- **Your instructions**
Each entry has to be given again in its exact wording, and no picture may appear in the result.

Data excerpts
· · · · ·

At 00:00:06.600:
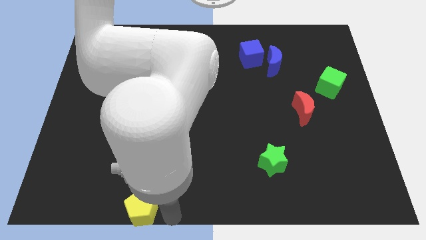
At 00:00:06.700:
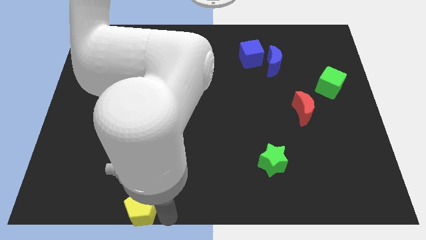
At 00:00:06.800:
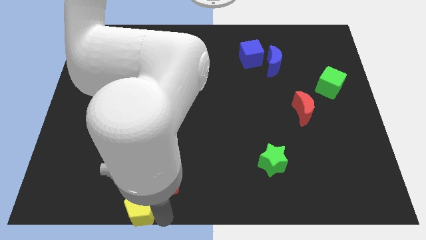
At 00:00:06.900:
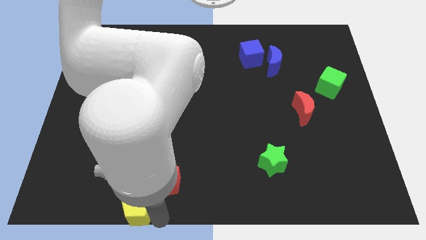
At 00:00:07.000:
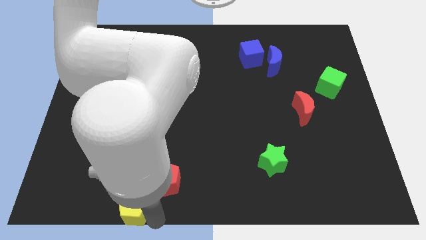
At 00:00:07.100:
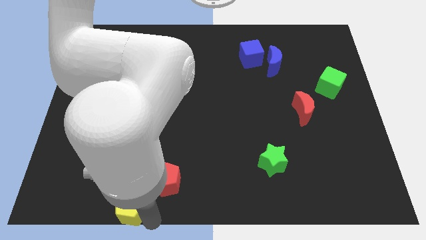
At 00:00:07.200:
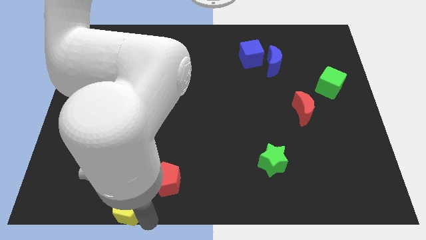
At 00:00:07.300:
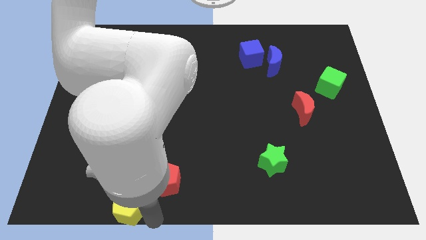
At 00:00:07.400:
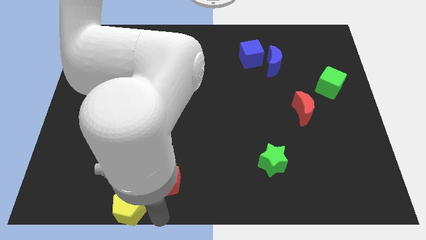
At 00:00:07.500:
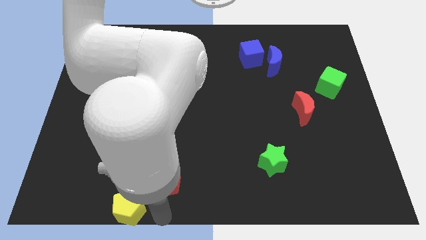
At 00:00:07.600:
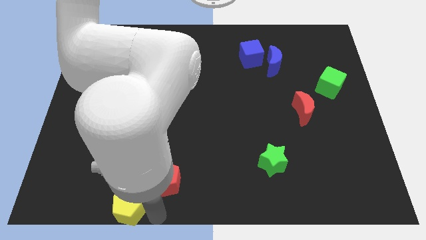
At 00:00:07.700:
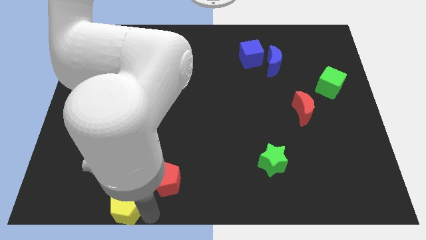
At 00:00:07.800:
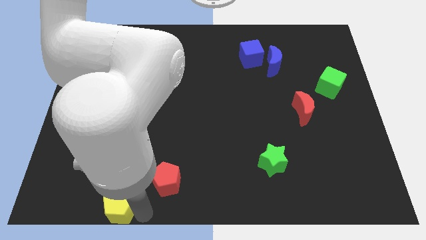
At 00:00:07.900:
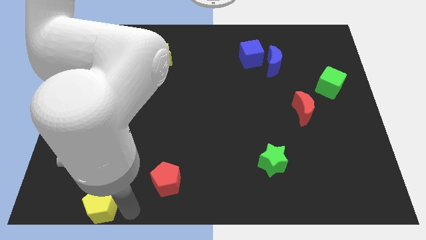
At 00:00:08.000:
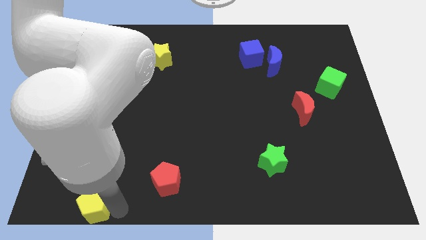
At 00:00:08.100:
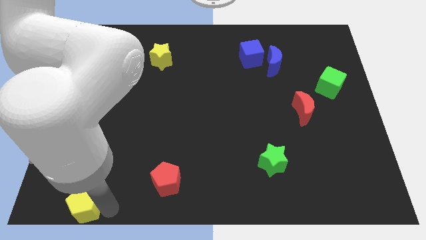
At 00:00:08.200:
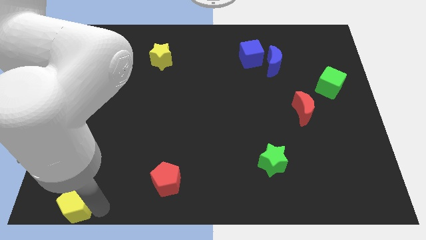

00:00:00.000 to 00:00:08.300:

· · · · ·

- **Exercise solution**
At 00:00:06.600:
At 00:00:06.700:
At 00:00:06.800:
At 00:00:06.900:
At 00:00:07.000:
At 00:00:07.100:
At 00:00:07.200:
At 00:00:07.300:
At 00:00:07.400:
At 00:00:07.500:
At 00:00:07.600:
At 00:00:07.700:
At 00:00:07.800:
At 00:00:07.900:
At 00:00:08.000:
At 00:00:08.100:
At 00:00:08.200:

00:00:00.000 to 00:00:08.300:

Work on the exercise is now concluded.